Tales of the Irish Goddess Brighid originate in the most ancient Irish mythology, said in medieval manuscripts to be from the "time of the Deluge"i.

Five successive groups were said to have invaded Ireland, in waves, and Brighid was a member of the fifth, the Tuatha De Danann, the People of the Goddess Danu. They were the immediate predecessors to the Sons of Mil, the next group of invaders who became the ancestors of the modern Irish. The Tuatha were said to have been a people of magick wonders, learned in all the arts and masters of wizardry ii. Although all the other invaders reached Ireland by ship, the Tuatha were said to have reached Ireland in dark clouds through the air, to have alighted on the mountain of Conmaicne Rein, and for three subsequent days to have cast a magickal darkness over the face of the sun iii.

Brighid was the daughter of The Dagda, the "Good God", now revered as the patron God of the Druids, and was said to have been a poetess; her two sisters, also of the same name, were said to have been women of healing and smith-work iv.
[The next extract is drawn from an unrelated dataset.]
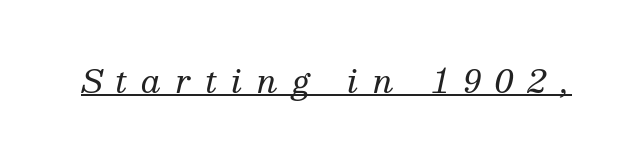
{"serif": "yes", "italic": "yes", "lean": "right", "slant_degrees": 13, "bold": "no", "weight": "regular", "width": "normal", "stroke_contrast": "medium", "x_height": "medium", "monospaced": "no", "underline": "yes", "letter_spacing": "wide", "letter_spacing_em": 0.44, "glyph_px": 32}
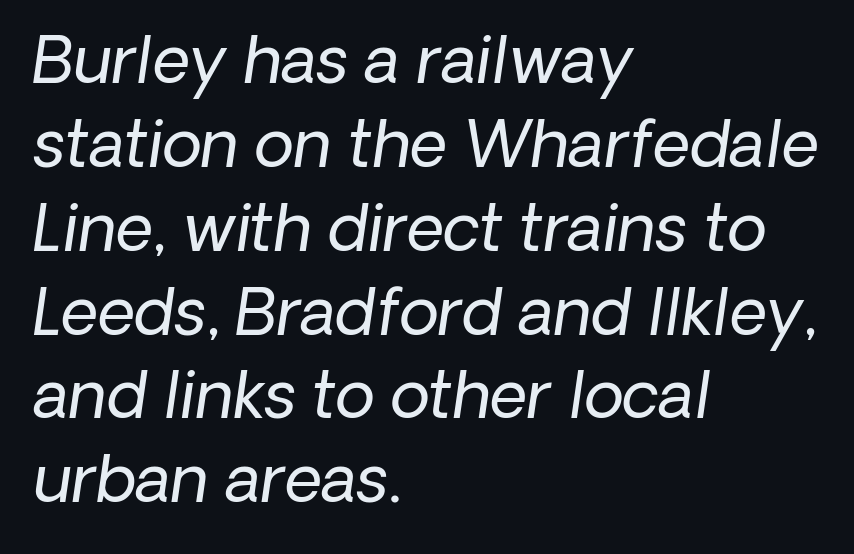
The image shows 65 px regular-weight sans-serif type; set left-aligned, normal line spacing (1.29x), normal letter spacing, not underlined; low stroke contrast and a medium x-height.

Her worship, through the ages, has thus focused on her as a triple Goddess of Fire: the fire of poetic inspiration and divination, the fire of healing and fertility, and the fire of metal-working and crafts v.
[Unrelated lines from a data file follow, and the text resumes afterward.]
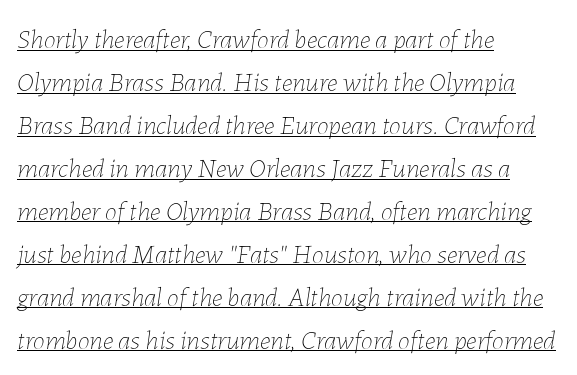
Q: Is the text bold? A: No.
Q: Is the text italic (slanted)? A: Yes, it leans right by about 7 degrees.
Q: Is the text underlined? A: Yes.
Q: How is the paragraph aligned? A: Left-aligned.
Q: Is the spacing between letters normal or unusually wide? A: Normal.
Q: Is the spacing between lines tight, normal or loose? A: Normal.
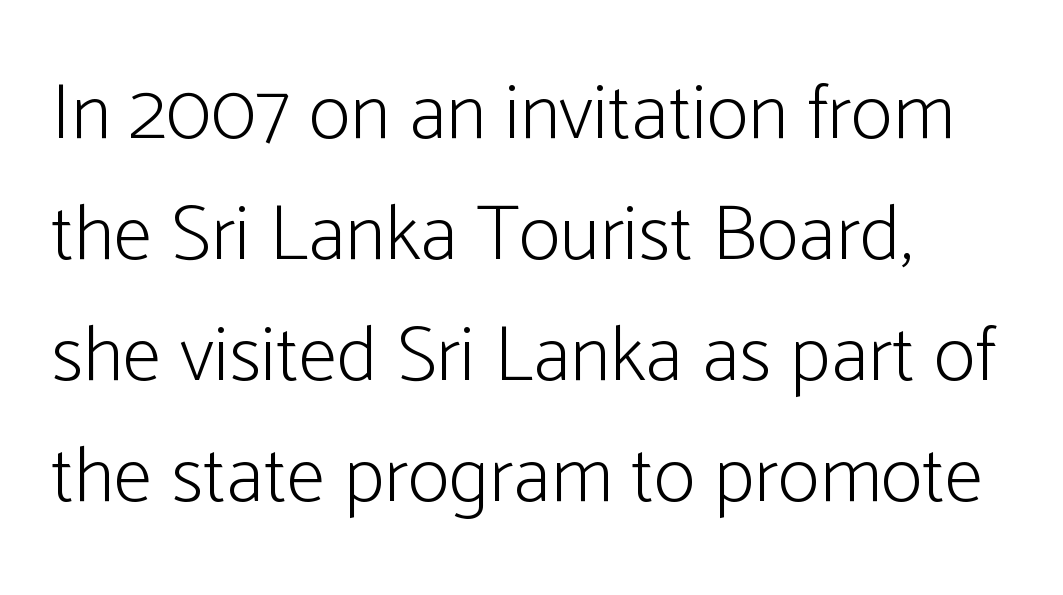
The image shows 79 px light, condensed sans-serif type, upright; set left-aligned, normal line spacing (1.53x), normal letter spacing, not underlined; low stroke contrast and a medium x-height.
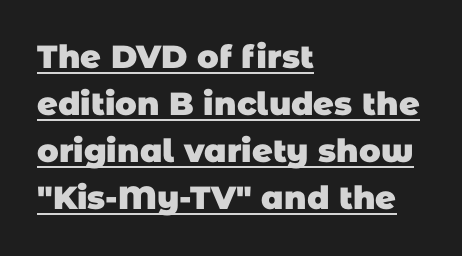
{"serif": "no", "bold": "yes", "weight": "heavy", "width": "normal", "stroke_contrast": "low", "x_height": "large", "monospaced": "no", "underline": "yes", "align": "left", "line_spacing": "normal", "line_spacing_ratio": 1.47, "letter_spacing": "normal", "letter_spacing_em": 0.0, "glyph_px": 32}
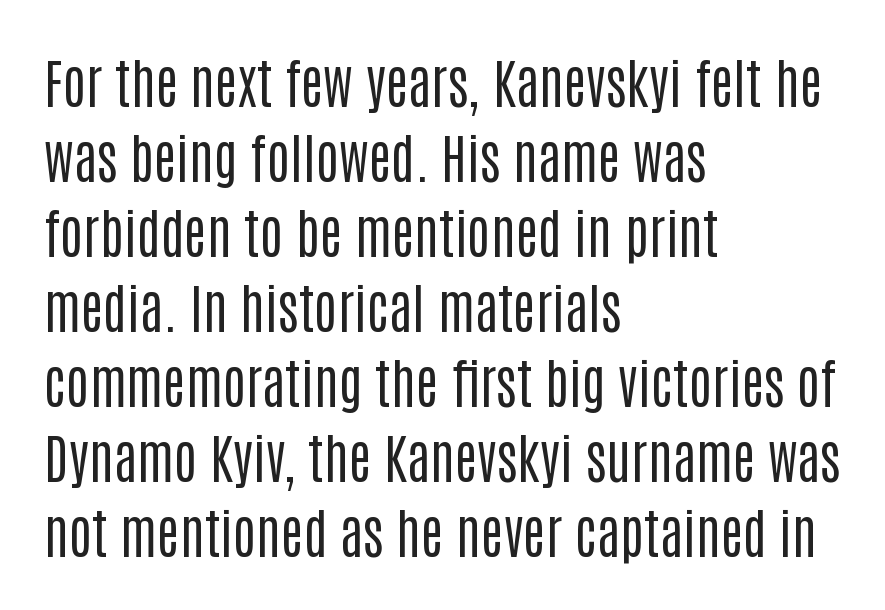
Honestly, the row spacing looks completely unremarkable. Each letter keeps its own natural width here, so spacing adapts to shape. To sum up the face: it is a sans, with no serifs. Stems and bowls with no extra thickness — not bold. All the whitespace from short lines collects on the right.
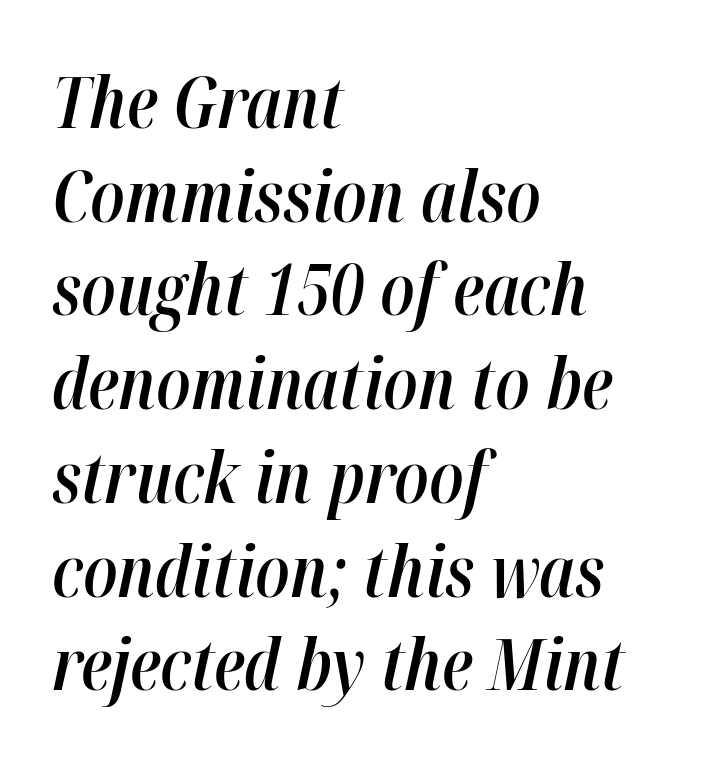
Q: Is the text bold? A: Semi-bold.
Q: Is the text italic (slanted)? A: Yes, it leans right by about 12 degrees.
Q: Is the text underlined? A: No.
Q: How is the paragraph aligned? A: Left-aligned.
Q: Is the spacing between letters normal or unusually wide? A: Normal.
Q: Is the spacing between lines tight, normal or loose? A: Normal.
Q: Width (condensed, normal, or wide)? A: Condensed.
Q: Stroke contrast? A: High.
Q: x-height? A: Medium.
Q: Monospaced? A: No.

During the Second Battle of Mag Tuired, fought between the Tuatha and the Fomoire, a people on Ireland when the Tuatha arrived, Brighid's son, Ruadan, was sent to fight, and was killed in battle. Brighid came to bewail her son, and is therefore said to have been the first to engage in caoine (keening) for the death of a loved one, and thus also became the comforter of all mourners vi.

The ancient Irish worship of Brighid was so powerful and so enduring that it was transferred, under Christianity, to St. Brigit, said to have been ban-drui, or a druidess, before her conversion, and who was reported to have been born in 455 A.D. in County Down, to a druid father, known as Dubhtach, who raised her in the ancient ways vii. Her religious community at Kildare, a name based on druidic symbolism, being cill-dara, the Church of the Oak, is still maintained.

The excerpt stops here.